FILE PHOTO: A health worker in personal protective equipment stands near displaced people waiting for the burial of suspected Ebola victims at the Kigonze displaced persons camp, one month after an outbreak was declared, in Bunia, eastern Democratic Republic of Congo, June 18, 2026. REUTERS/Gradel Muyisa Mumbere//File Photo/File Photo
FILE PHOTO: A health worker in personal protective equipment stands near displaced people waiting for the burial of suspected Ebola victims at the Kigonze displaced persons camp, one month after an outbreak was declared, in Bunia, eastern Democratic Republic of Congo, June 18, 2026. REUTERS/Gradel Muyisa Mumbere//File Photo/File Photo

The transport of Ebola victims' bodies between different areas of the Democratic Republic of Congo, often for funerals in their home communities, risks further spreading the virus, the UN migration agency said on Friday.

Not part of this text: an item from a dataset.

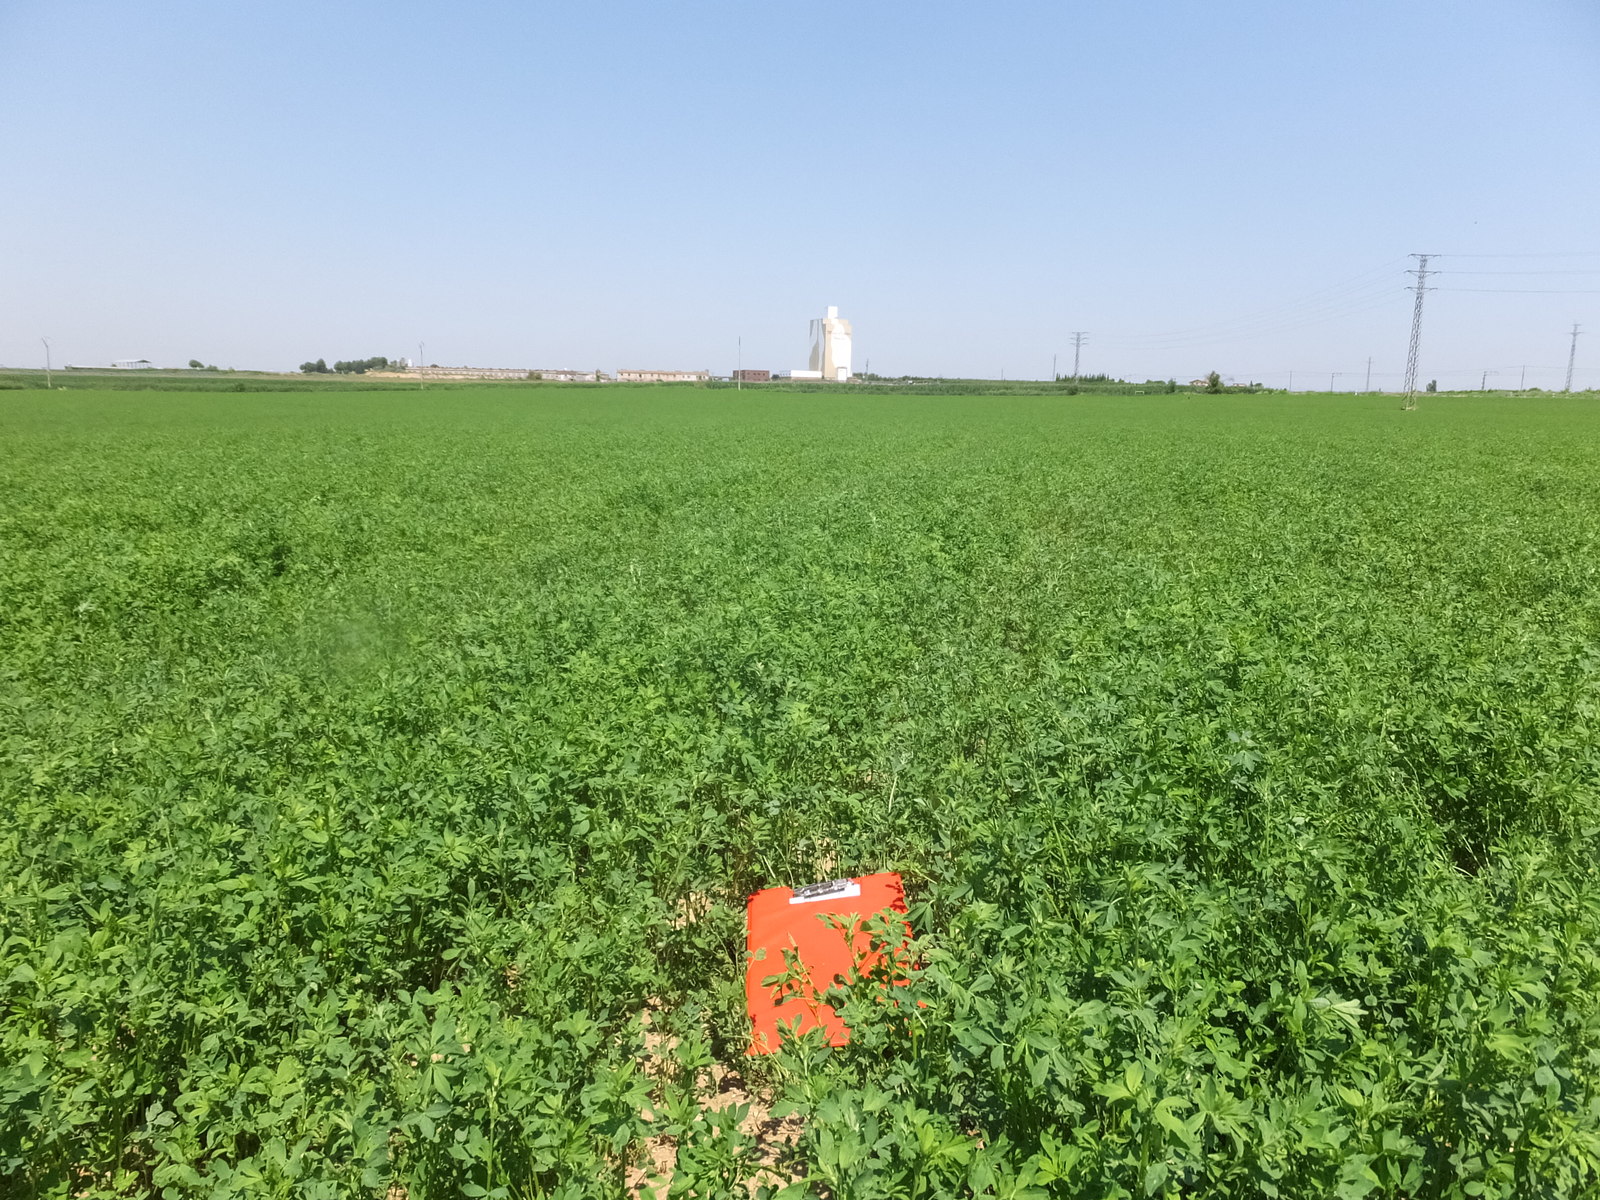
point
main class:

More than 2,000 Ebola cases and 700 deaths have been recorded in Congo and neighboring Uganda as of July 14, and around two-thirds of the deaths occurred outside clinics or ⁠hospitals, said the International ⁠Organization for Migration.

The often fatal viral disease spreads through direct contact with bodily fluids from infected people or animals, and causes symptoms that can include high fever, vomiting and internal and external bleeding. This ⁠particular epidemic is caused by the Bundibugyo strain of the virus.

Ebola remains highly infectious after death, making funeral practices a critical component of outbreak control.

"If we don't really manage the dead bodies well, if we don't engage the community ... then it means there will be more spread within the community," Reuters quoted Andrew Mbala from IOM as saying.

IOM officials said the ⁠transport ⁠of bodies across districts within Congo was a particular challenge as families seek to bury relatives in their home communities.

"There hasn't been any crossing of dead bodies to another country, but we have seen a lot of crossings of dead bodies within the country," said Mbala.

Such movement risks carrying the virus into new areas if bodies are not handled safely, the IOM warned.